Construction sector revenue trending upwards: BDO report
Revenue growth in the construction sector is showing positive signs but economic pressures are still impacting profit margins, according to a recent BDO report.
The BDO Construction Survey 2023 indicates the construction sector is now emerging from the post-pandemic period, which saw it impacted by increasing costs and significant delays caused by inclement weather.
The latest survey indicated that 57 per cent of respondents reported an increase in revenue of more than 10 per cent for the 2023 financial year, compared to the previous financial year.
However, one in five respondents saw a decrease in revenue compared with the previous financial year, with 14 per cent seeing a decrease of 10 per cent or more.
The BDO report said a greater number of projects, and many of higher value, are currently underway as the industry makes use of improved weather conditions to begin clearing the backlog of projects.
This was reflected in the data with the average organisation reporting that 59 per cent of their forecasted revenue for the 2024 financial year was committed revenue.
Despite the continued growth in revenue, there continue to be economic pressures affecting gross profit margins, the report warned.
More than half of all respondents reported a significant decline of more than 10 per cent in net product before income tax in the 2023 financial year.
The average net profit before income tax as a percentage of revenue was 1.77 per cent.
The report also found construction companies are tightening up their balance sheet with an increased focus on cash retention and debt collection.
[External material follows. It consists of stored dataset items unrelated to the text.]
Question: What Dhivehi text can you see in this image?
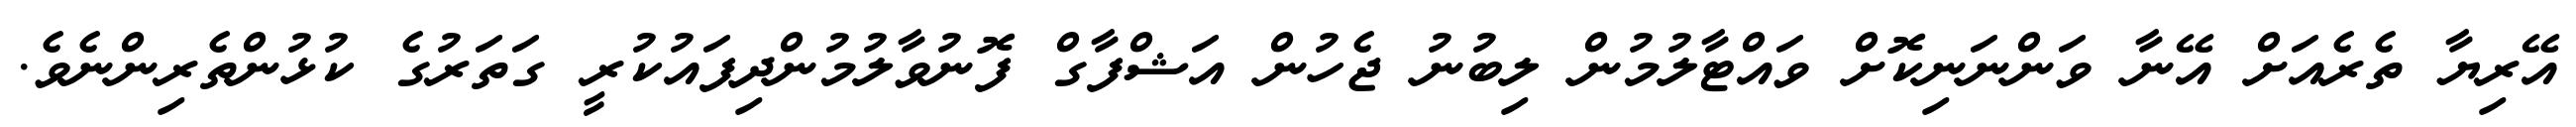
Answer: އޭރިޔާ ތެރެއަށް އޭނާ ވަންނަނިކޮށް ވައްޓާލުމުން ލިބުނު ޖެހުން އަޝްފާގް ފޮނުވާލުމުންދިފައުކުރީ ގަތަރުގެ ކުޅުންތެރިންނެވެ.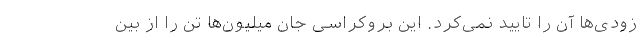
زودی‌ها آن را تایید نمی‌کرد. این بروکراسی جان میلیون‌ها تن را از بین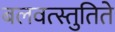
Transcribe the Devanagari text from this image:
बलवत्स्तुतिते

This may be partly in response to the increased scrutiny faced recently by construction companies following higher levels of insolvencies in the industry.
Over a third of respondents reported that their organisation’s cash flow position is expected to increase over the next 12 months.
Construction companies continue to face challenges with accessing debt funding, the report said, which has been further compounded by the additional pressures placed on construction companies to hold significant retention and working capital balances, due to both upstream and downstream financial constraints.
“Traditional lenders are becoming more stringent about construction companies proving their financial viability prior to the release of funding”, the report said.
“This has led to an increase in debt funding with private credit providers who may have more risk appetite for construction lending, in the current climate.”